I entertained myself for a moment or two by trying to remember when last I had felt so out of control. I hadn’t been much of a drinker in college, or anytime after. Maybe during one of the lengthy arguments Barbara and I had before our split, those eternal jousting matches that I always lost simply because Barbara would declare me the loser. I sat up a little straighter, my adrenaline burst of irritation serving to focus my senses at least a little.
Vincent hung up the phone. “Hey, look,” he said.
He tilted the briefcase so I could see it. It was full of cash, neatly bundled.
“Forty grand,” he said, giving me a lizard smile. “Big payout on that shopping complex I was telling you about. I wonder how much of it the I.R.S. is going to take when I declare it.”
He froze, staring at me, waiting for my reaction. Then he burst out laughing.
“Problem is, I need to find a way to launder it squeaky clean. You know anything about that?”
I shook my head.
“I didn’t think so.” Vincent ran his fingers over the cash. “Too bad. I really liked working with you. I didn’t think you were going to get cold feet on me.”
I stood up and, with some measure of surprise, realized that I wasn’t going to fall flat on my face. Vincent looked surprised too.

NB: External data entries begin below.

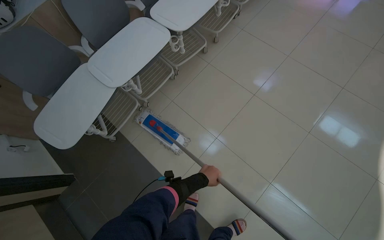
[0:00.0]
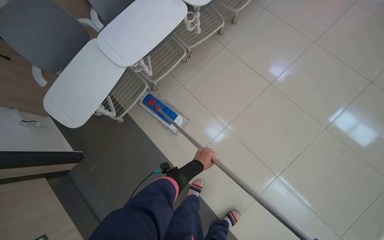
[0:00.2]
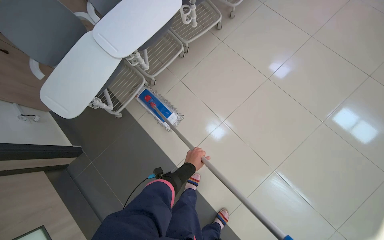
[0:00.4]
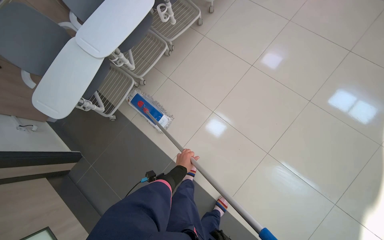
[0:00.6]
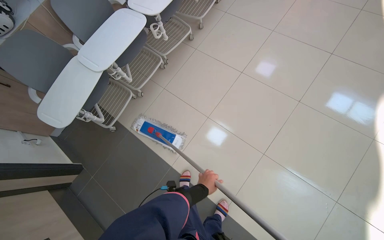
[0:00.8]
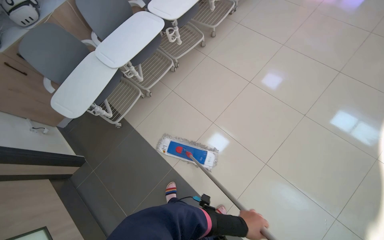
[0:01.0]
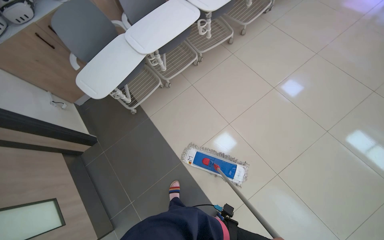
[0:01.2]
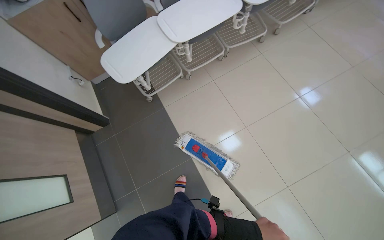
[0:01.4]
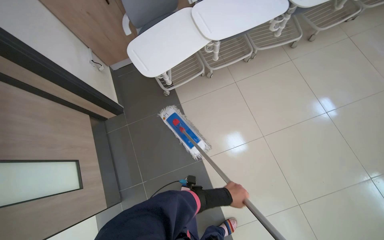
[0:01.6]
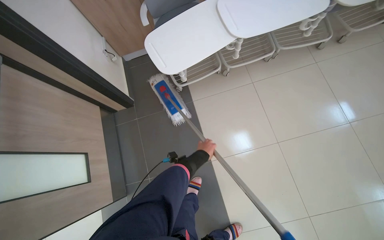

“Hey, pretty good,” he said. He unbuttoned his suit and shoved his hands in his pockets. “I gave you enough to whack out a gorilla.”
“Let me see,” I said, or sort of said.
“See what?” Vincent asked.
“Money.”
Vincent smiled. “Sure, kid, come on over.”
I took a couple of unsteady steps. “Need help,” I mumbled.
“Aw, Christ,” Vincent exhaled. “Sure, why not? You know, there’s someone coming over who I want you to meet.”
“Someone?”
“Yeah, sure. Someone who’s going to clear all this up for us.”
Vincent helped me across the thin carpeting toward the desk. My legs were heavy, and I heard him grunt with effort and finally place my hands on the edge of the desk.
“Like what you see?” he asked.
I stared at the money. It was in hundreds.
“All for you?” I rasped.
Vincent laughed again. “Know anyone else who needs some?”
I took a pen from the set next to the briefcase, turned, and, using all the strength I could muster, plunged it deep into the big artery rising from the right side of Vincent’s neck. It was, frankly, amazing how deep it went.
His eyes opened with shock, a moment of rage, then something that I took to be a quick nod of respect, before Vincent fell to the floor and began the process of bleeding to death.
I wasn’t particularly steady on my feet, but by holding the railing I was able to methodically get myself down to the lobby. I passed a man at the door who nodded when I held it open for him.